#### [Task directions]
A faithful copy of the data is the goal; set it down exactly, without the images.
------ Material shown ------
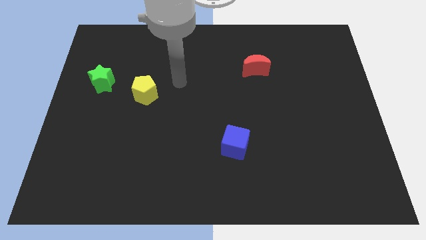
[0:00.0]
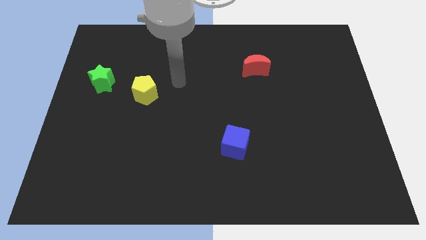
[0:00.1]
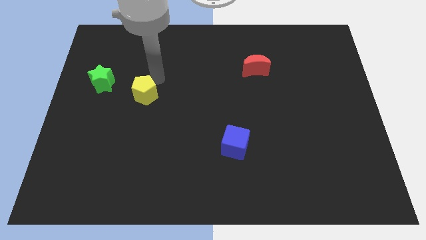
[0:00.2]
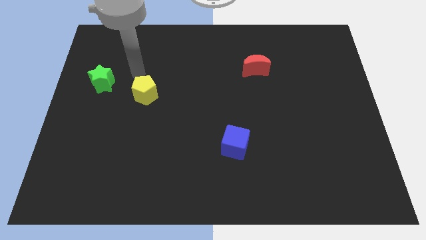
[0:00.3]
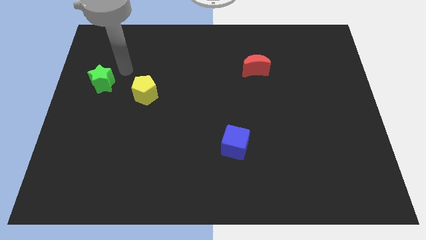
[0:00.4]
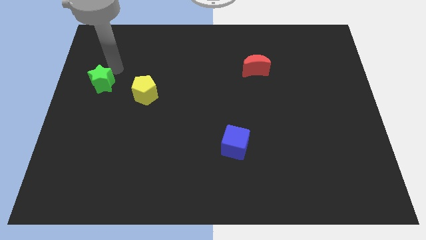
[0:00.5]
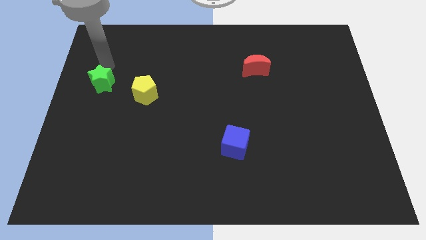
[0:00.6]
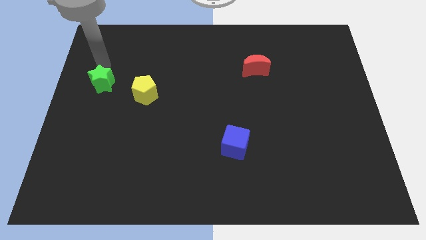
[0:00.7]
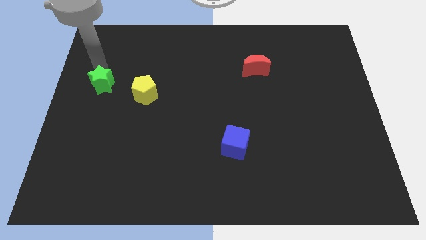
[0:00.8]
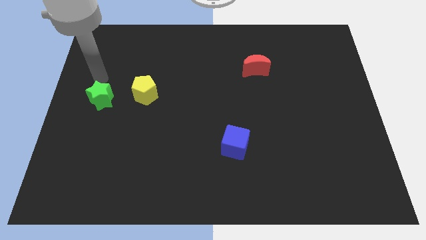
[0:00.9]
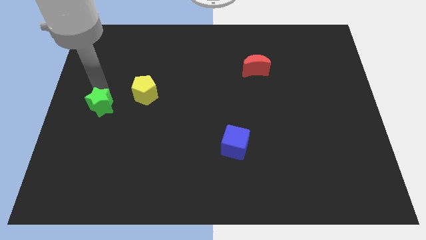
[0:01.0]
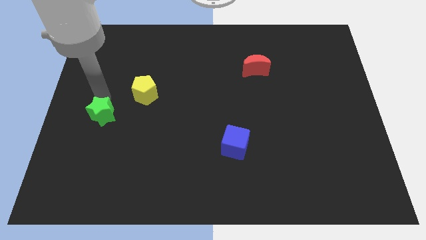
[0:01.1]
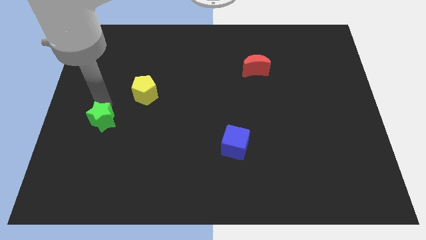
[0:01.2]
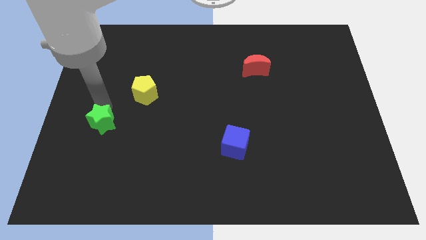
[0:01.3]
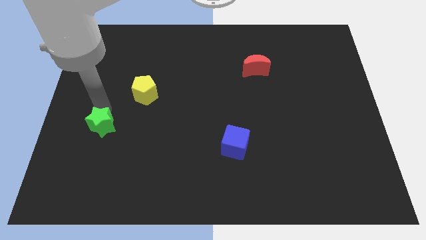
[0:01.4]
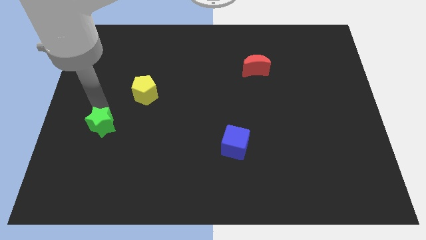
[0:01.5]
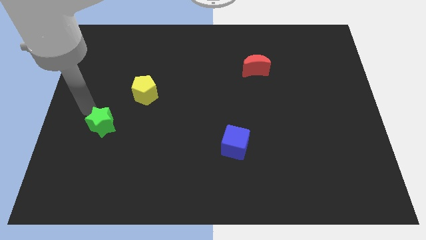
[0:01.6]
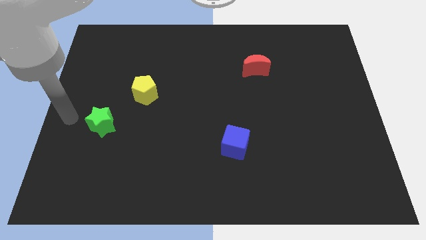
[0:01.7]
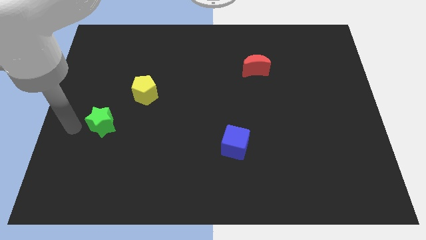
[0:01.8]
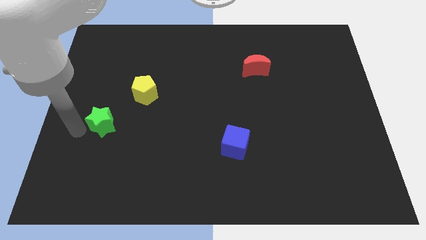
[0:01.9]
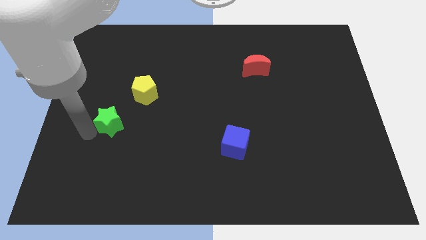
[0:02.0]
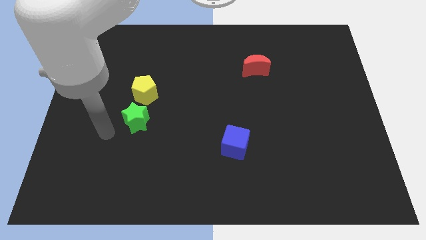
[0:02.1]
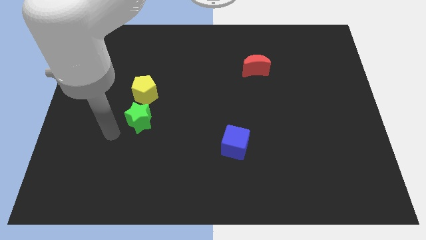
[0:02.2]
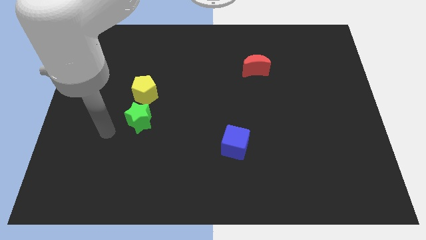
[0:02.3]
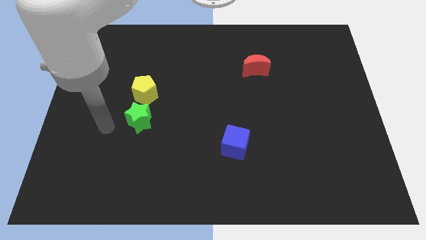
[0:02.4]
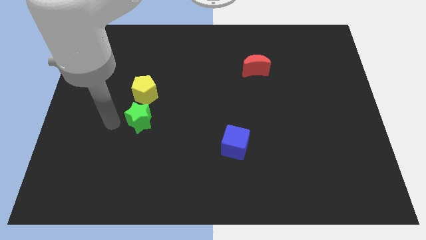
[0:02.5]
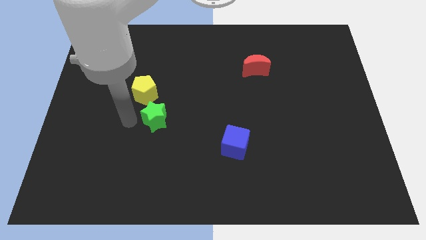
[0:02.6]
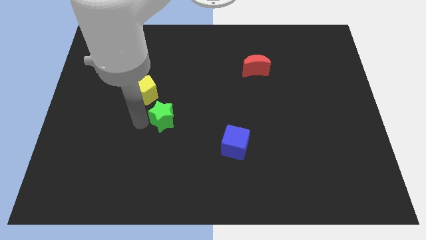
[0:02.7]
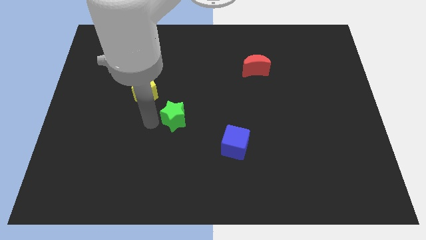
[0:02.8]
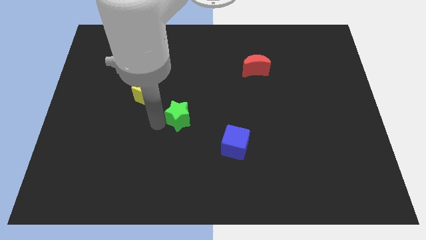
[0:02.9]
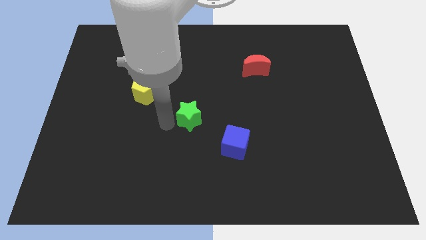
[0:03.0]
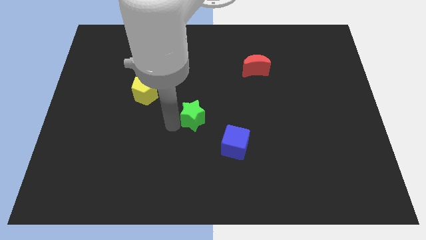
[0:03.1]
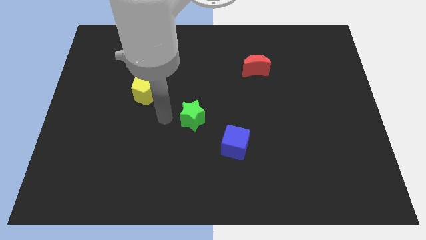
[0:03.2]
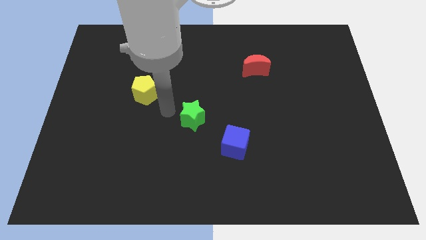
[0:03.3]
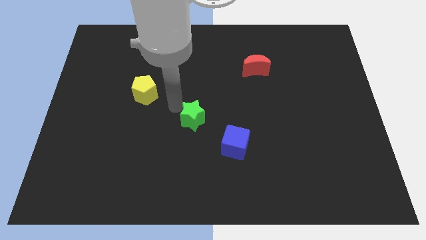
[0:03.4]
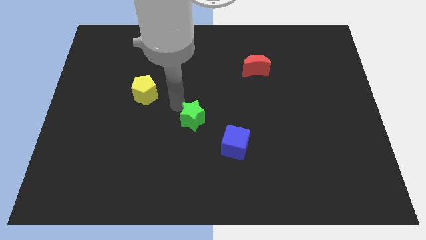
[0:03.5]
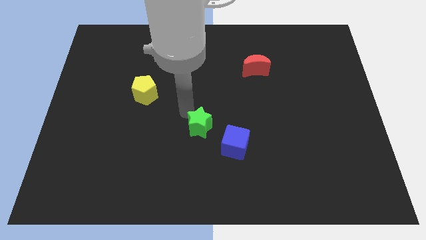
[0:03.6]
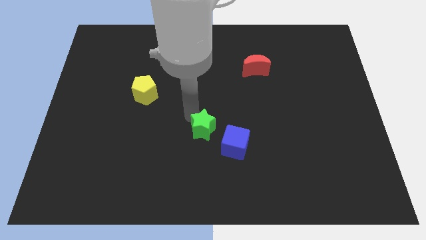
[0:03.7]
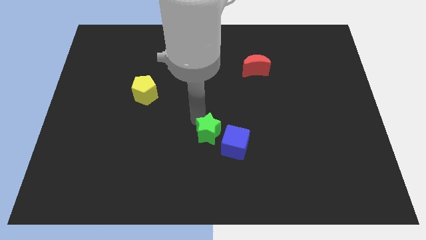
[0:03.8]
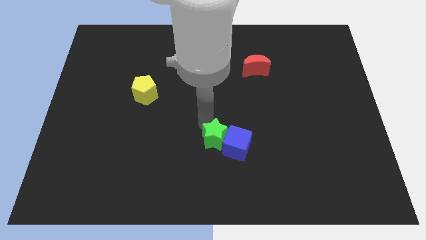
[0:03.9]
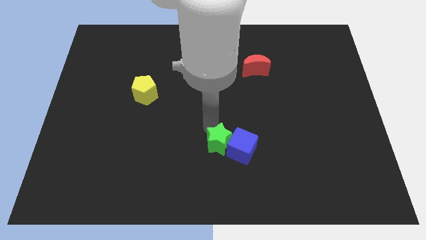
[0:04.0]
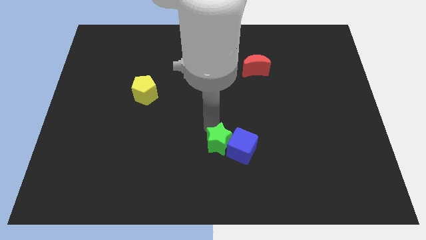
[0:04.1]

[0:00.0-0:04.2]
------
#### [Response to the task]
[0:00.0]
[0:00.1]
[0:00.2]
[0:00.3]
[0:00.4]
[0:00.5]
[0:00.6]
[0:00.7]
[0:00.8]
[0:00.9]
[0:01.0]
[0:01.1]
[0:01.2]
[0:01.3]
[0:01.4]
[0:01.5]
[0:01.6]
[0:01.7]
[0:01.8]
[0:01.9]
[0:02.0]
[0:02.1]
[0:02.2]
[0:02.3]
[0:02.4]
[0:02.5]
[0:02.6]
[0:02.7]
[0:02.8]
[0:02.9]
[0:03.0]
[0:03.1]
[0:03.2]
[0:03.3]
[0:03.4]
[0:03.5]
[0:03.6]
[0:03.7]
[0:03.8]
[0:03.9]
[0:04.0]
[0:04.1]

[0:00.0-0:04.2]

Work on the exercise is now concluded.